High-power electrically pumped microcombs

This paper discusses the development of a high-power, electrically pumped Kerr-frequency microcomb system that integrates a low-coherence multimode laser with silicon nitride (Si₃N₄) resonators. The research addresses the key challenge of achieving sufficient optical power from microcombs, which is crucial for applications like data communications, spectroscopy, and sensing.

In the study, the authors show that by using self-injection locking in normal group velocity dispersion (GVD) resonators, they can generate microcombs with high on-chip power levels of up to 158 mW. These microcombs also exhibit narrow linewidths, as low as 200 kHz, making them suitable for high-precision applications. This represents a significant advancement, as it exceeds previous records for on-chip power and the number of comb lines exceeding 100 μW.

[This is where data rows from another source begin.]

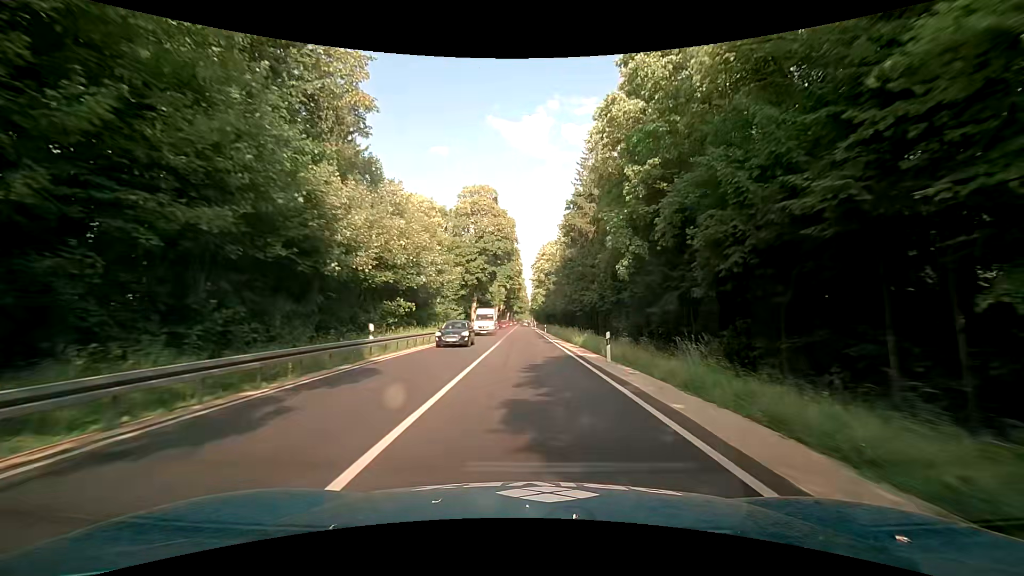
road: primary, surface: asphalt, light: Day
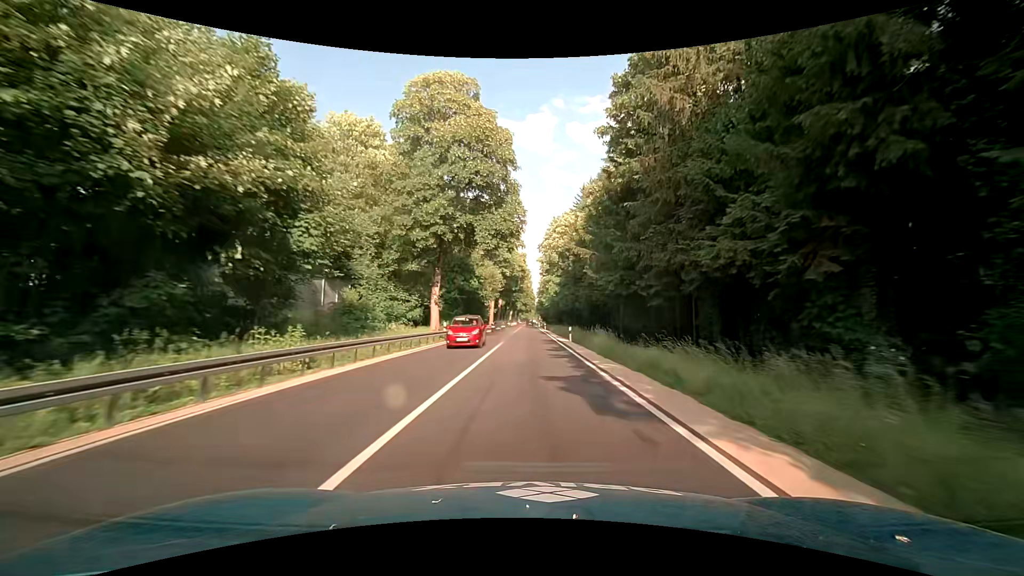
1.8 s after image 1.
(-0.6, +32.2) m; -1°
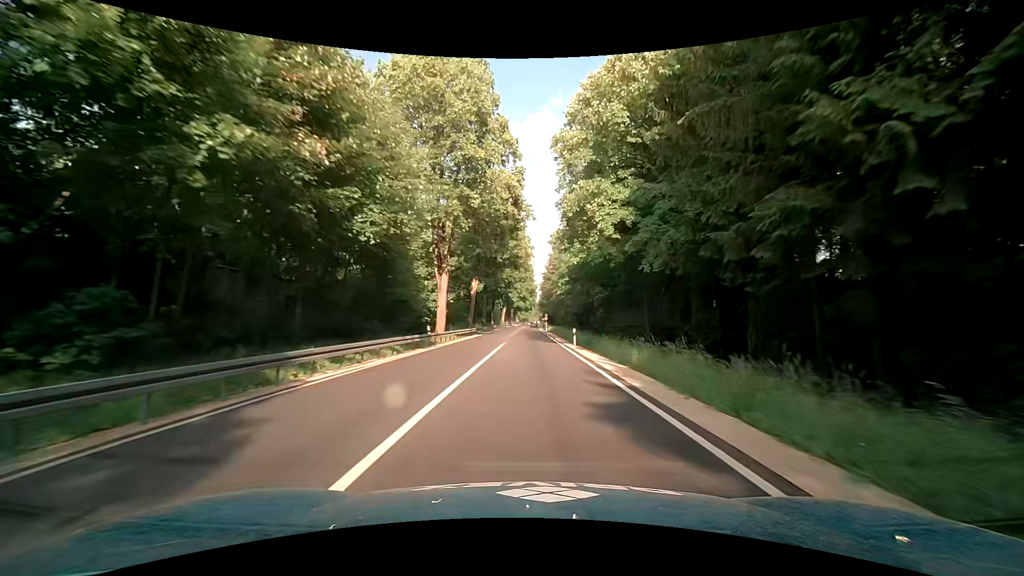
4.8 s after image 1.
(0.0, +53.6) m; 0°
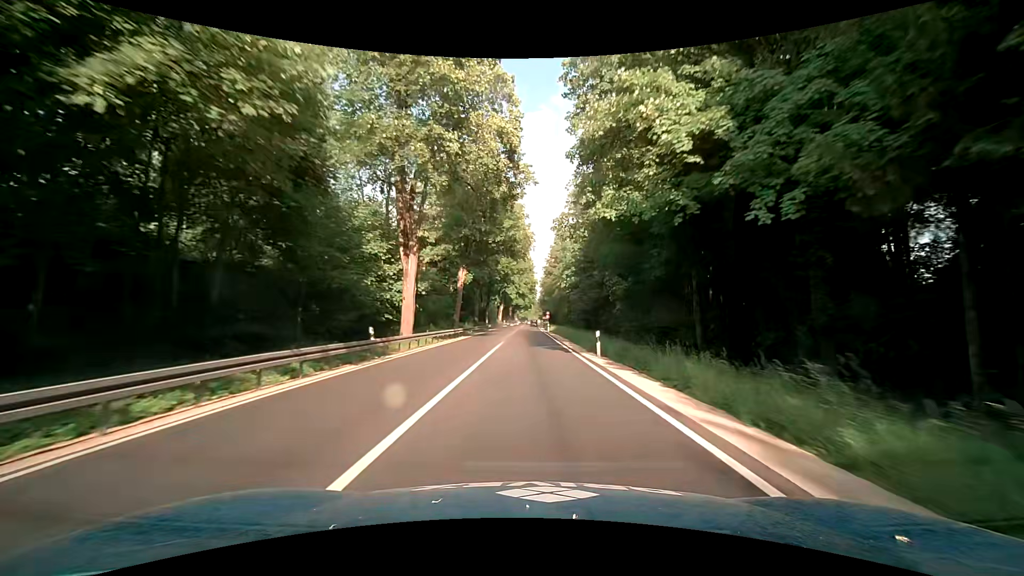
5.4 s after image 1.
(-0.1, +10.7) m; 0°
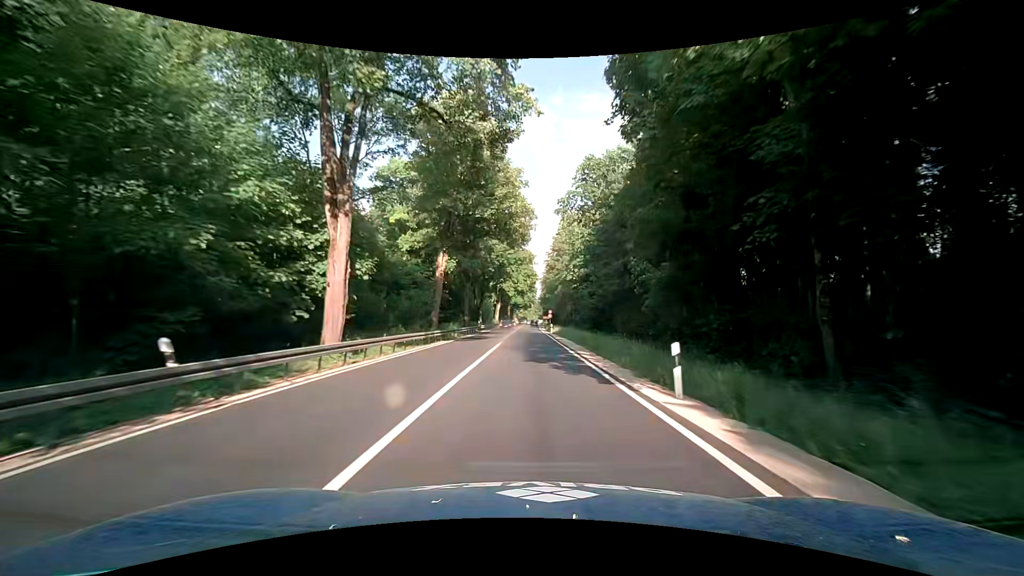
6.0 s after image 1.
(0.0, +10.7) m; 0°
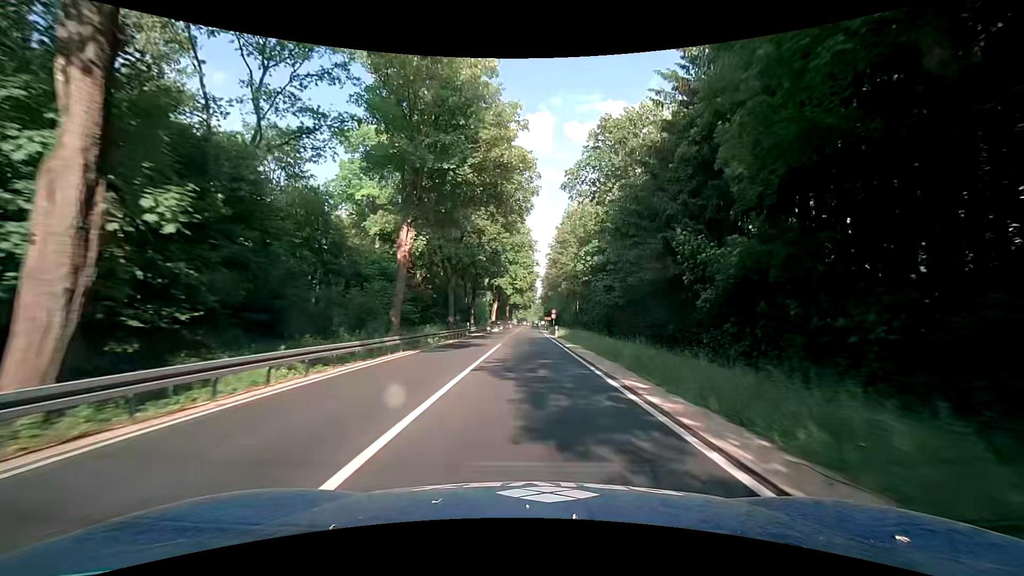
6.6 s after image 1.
(0.0, +10.8) m; 0°

The system utilizes a multimode III-V laser, which is coupled to a Si₃N₄ chip through a custom-designed waveguide taper. The resulting device demonstrates more efficient comb generation and higher output power compared to previous approaches that relied on high-coherence pumps. The authors also show that the frequency comb lines produced have narrow linewidths and exhibit high stability, which is essential for practical applications in optical communications and sensing.

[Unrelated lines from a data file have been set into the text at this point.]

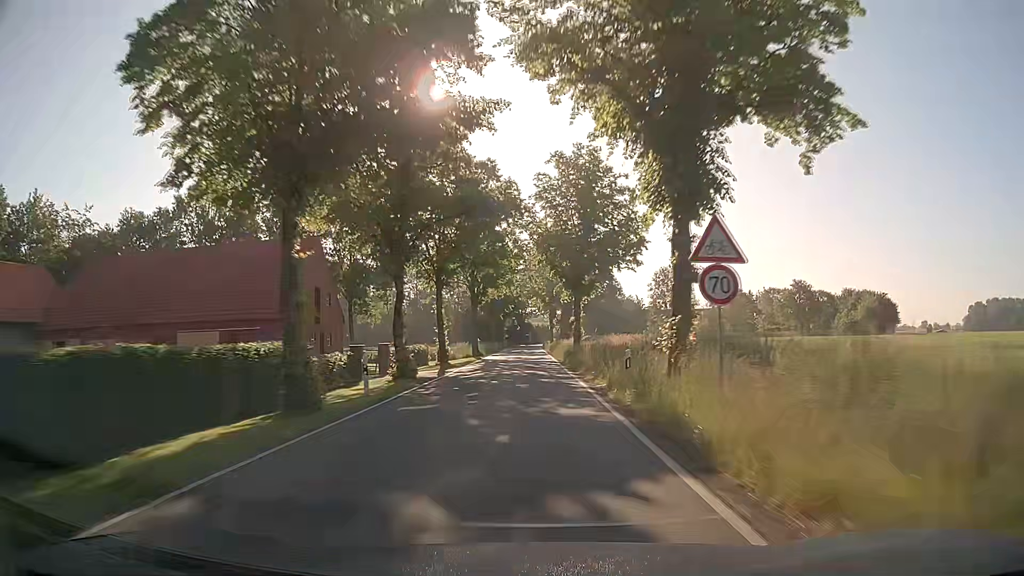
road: tertiary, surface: asphalt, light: Day
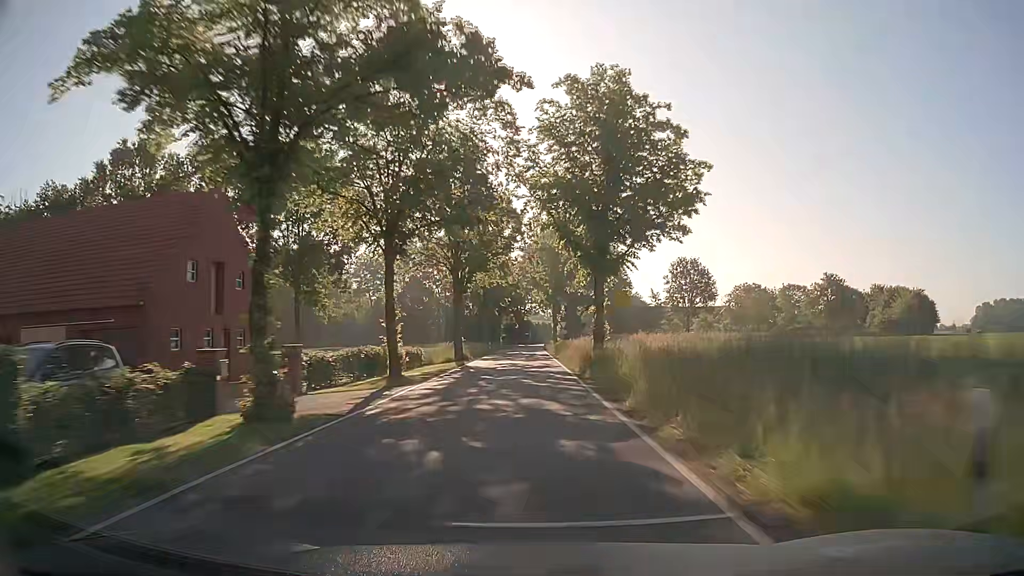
(0.0, +13.3) m; 0°
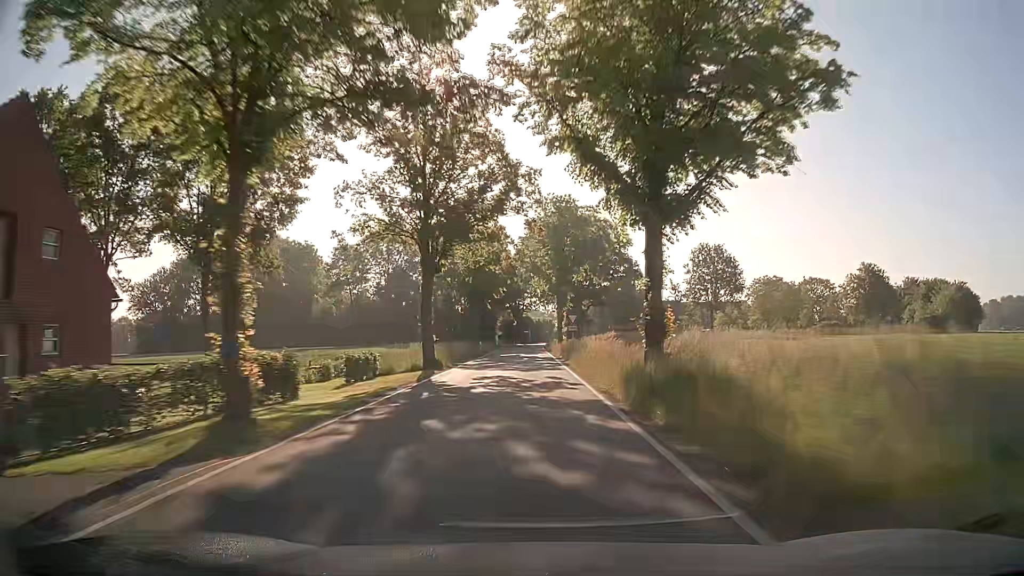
(+0.1, +13.0) m; 0°

One of the key findings is that by optimizing the feedback phase and using integrated heaters for resonance detuning, the system can access coherent comb states efficiently. This approach, utilizing low-coherence lasers, allows for a scalable solution to achieving high-power Kerr-frequency combs with narrow linewidths and high efficiency. The paper concludes that this electrically pumped microcomb system can impact various fields, including data communications, high-performance computing, and quantum technologies, by reducing size, power consumption, and cost.